In biochemistry and pharmacology, a ligand is a substance that forms a complex with a biomolecule to serve a biological purpose. The etymology stems from Latin ligare, which means 'to bind'. In protein-ligand binding, the ligand is usually a molecule which produces a signal by binding to a site on a target protein. The binding typically results in a change of conformational isomerism (conformation) of the target protein. In DNA-ligand binding studies, the ligand can be a small molecule, ion, or protein which binds to the DNA double helix. The relationship between ligand and binding partner is a function of charge, hydrophobicity, and molecular structure.

Binding occurs by intermolecular forces, such as ionic bonds, hydrogen bonds and Van der Waals forces. The association or docking is actually reversible through dissociation. Measurably irreversible covalent bonding between a ligand and target molecule is atypical in biological systems. In contrast to the definition of ligand in metalorganic and inorganic chemistry, in biochemistry it is ambiguous whether the ligand generally binds at a metal site, as is the case in hemoglobin. In general, the interpretation of ligand is contextual with regard to what sort of binding has been observed.

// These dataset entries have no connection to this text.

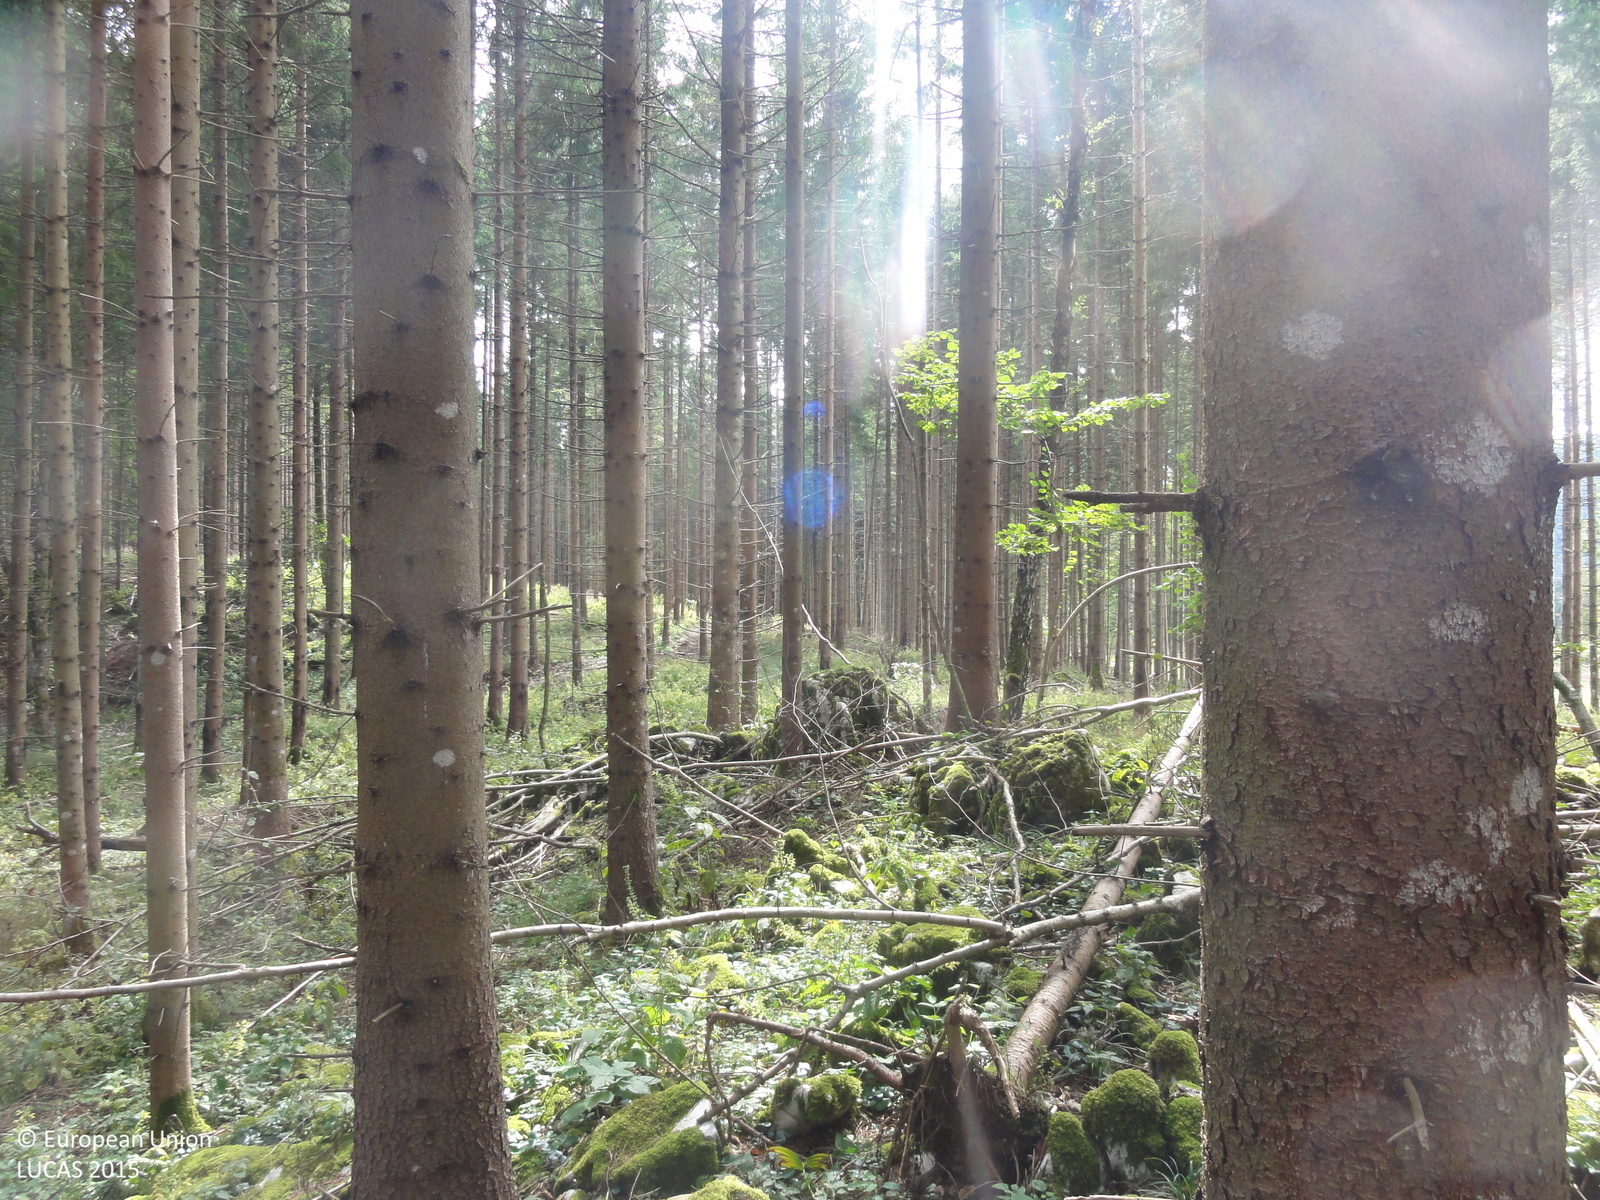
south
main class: Woodland
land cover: Spruce dominated mixed woodland
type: hemiboreal forest and nemoral coniferous forest and mixed broadleaved-coniferous forest
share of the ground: > 75 %
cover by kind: coniferous forest trees 60 %, broadleaved forest trees 25 %, herbaceous plants 5 %
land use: Forestry
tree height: > 5 m
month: September
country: SI
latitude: 45.5937
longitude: 14.8028
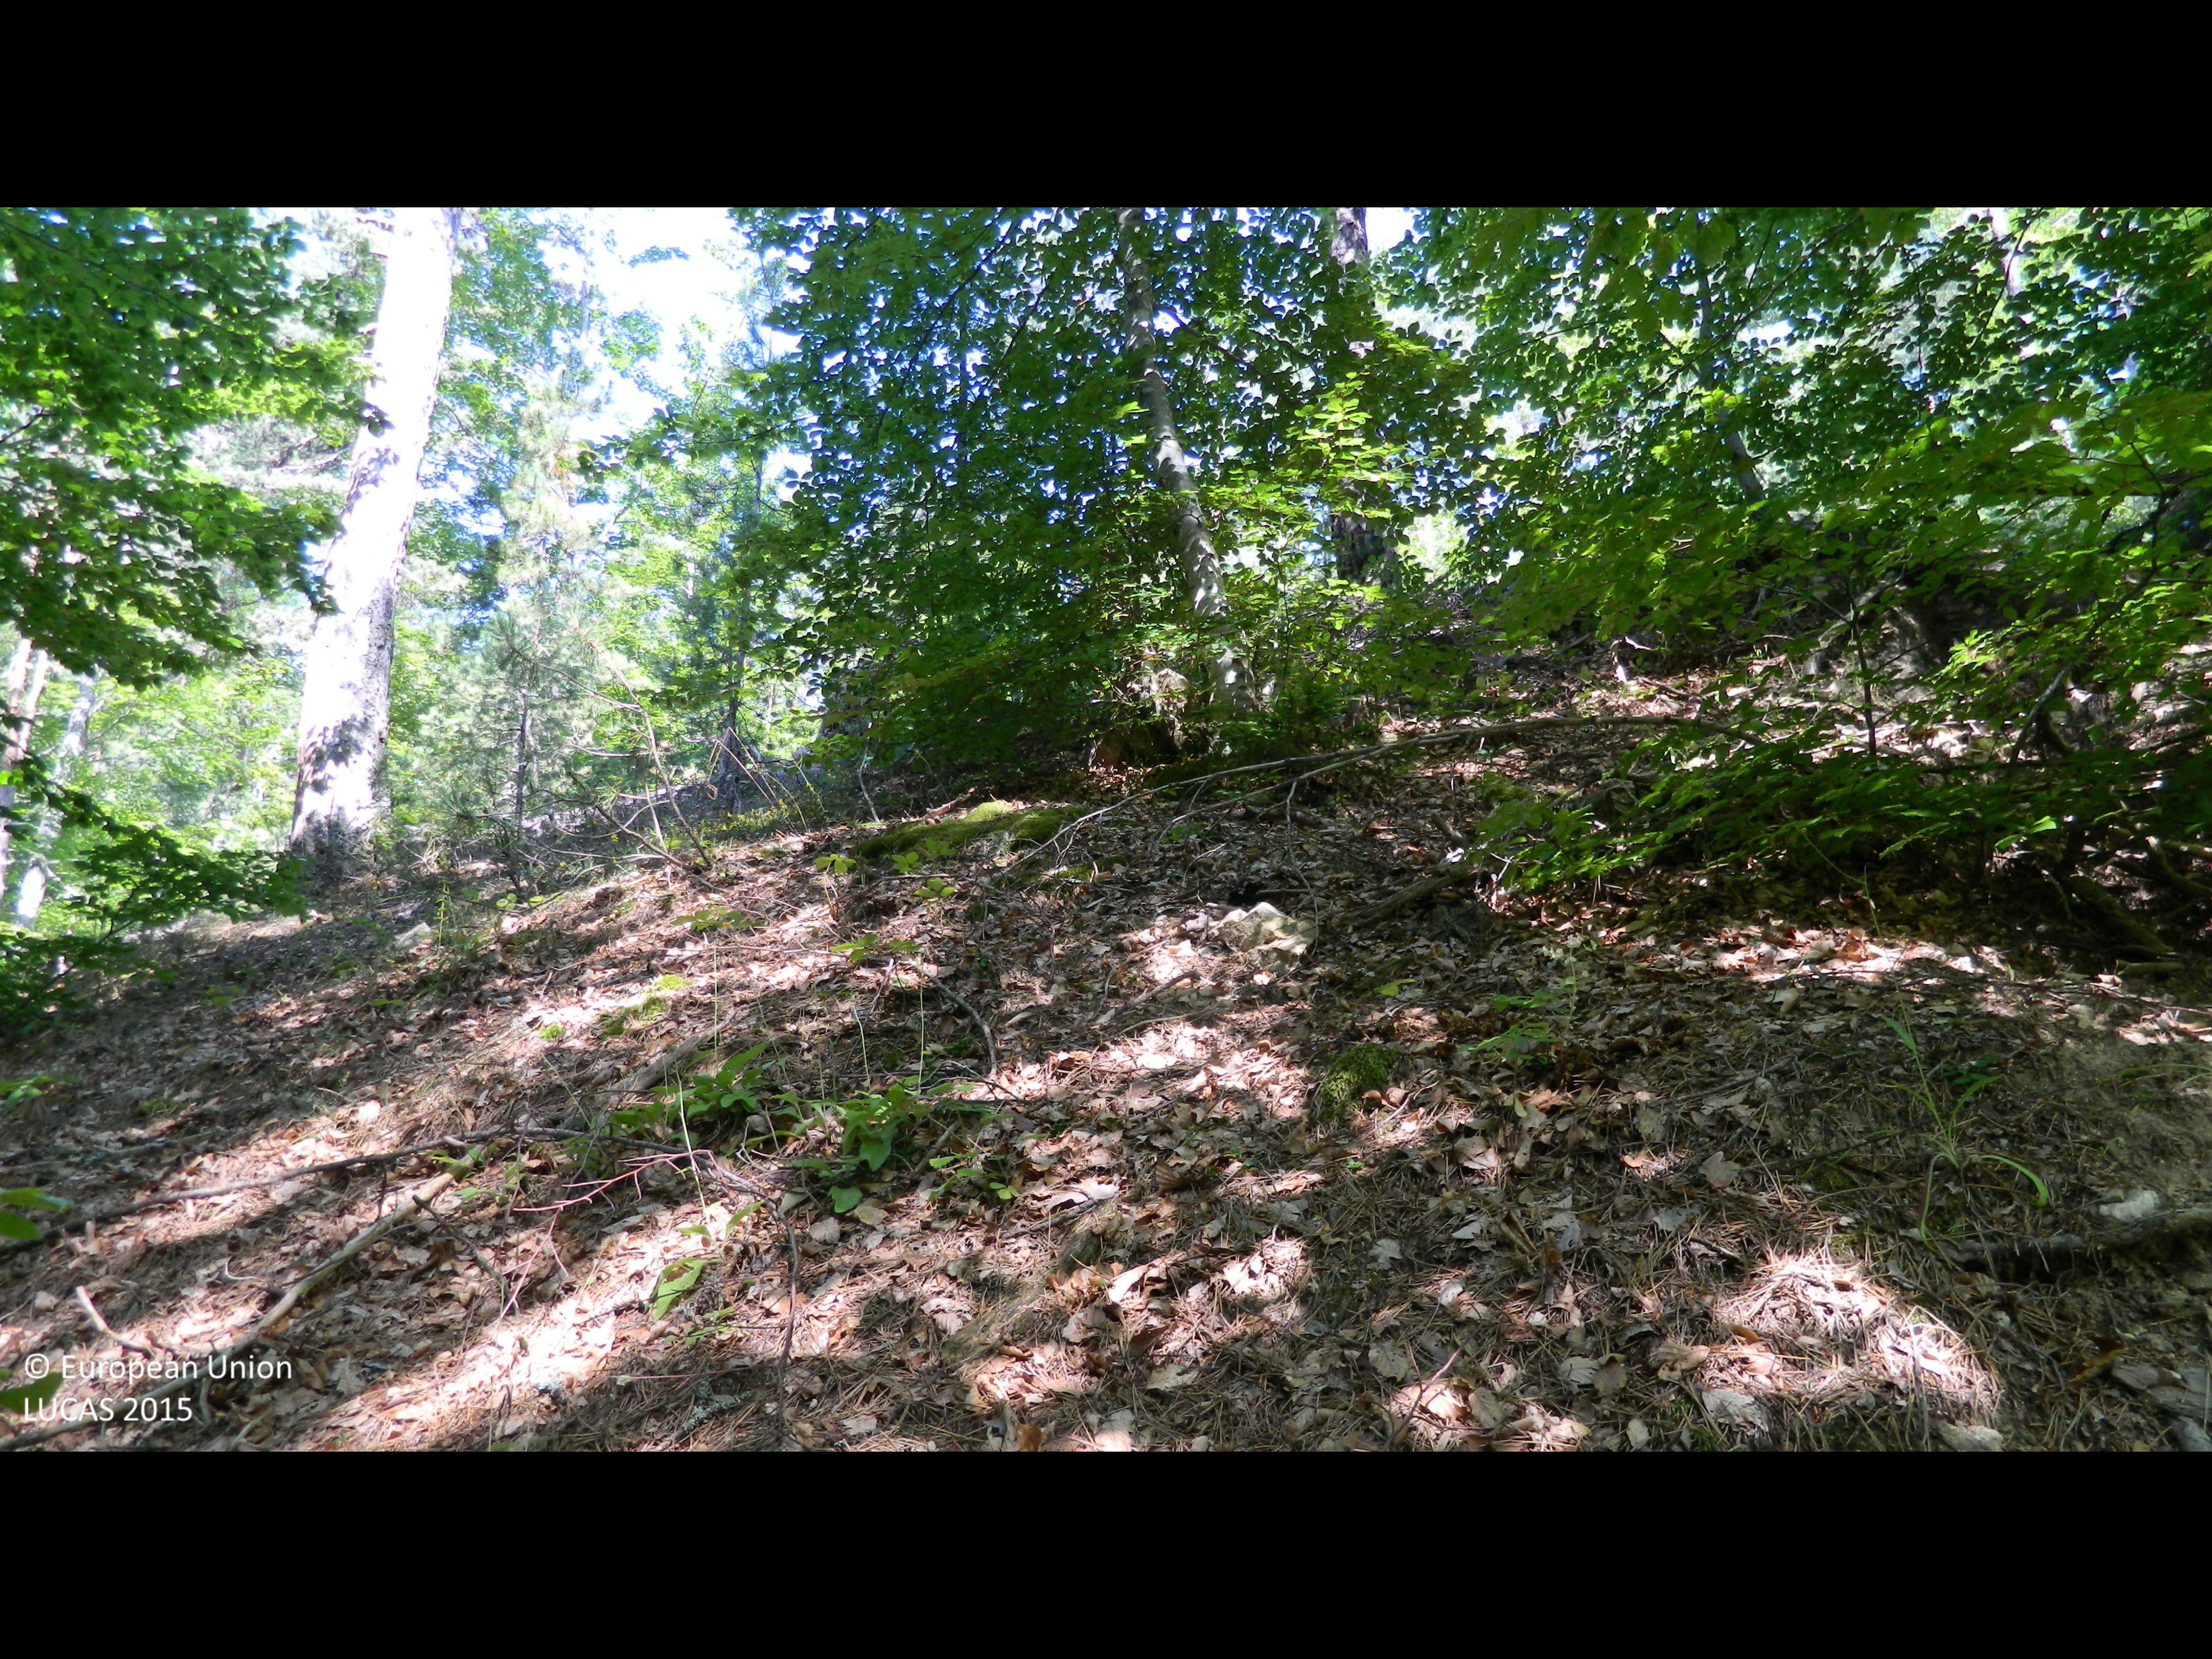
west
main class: Woodland
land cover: Broadleaved woodland
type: mountainous beech forest
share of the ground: > 75 %
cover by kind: broadleaved forest trees 85 %, coniferous forest trees 10 %, unconsolidated bare surface 5 %
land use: Forestry
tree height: > 5 m
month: July
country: BG
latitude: 41.5413
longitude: 24.8012

Ligand binding to a receptor protein alters the conformation by affecting the three-dimensional shape orientation. The conformation of a receptor protein composes the functional state. Ligands include substrates, inhibitors, activators, signaling lipids, and neurotransmitters. The rate of binding is called affinity, and this measurement typifies a tendency or strength of the effect. Binding affinity is actualized not only by host–guest interactions, but also by solvent effects that can play a dominant, steric role which drives non-covalent binding in solution. The solvent provides a chemical environment for the ligand and receptor to adapt, and thus accept or reject each other as partners.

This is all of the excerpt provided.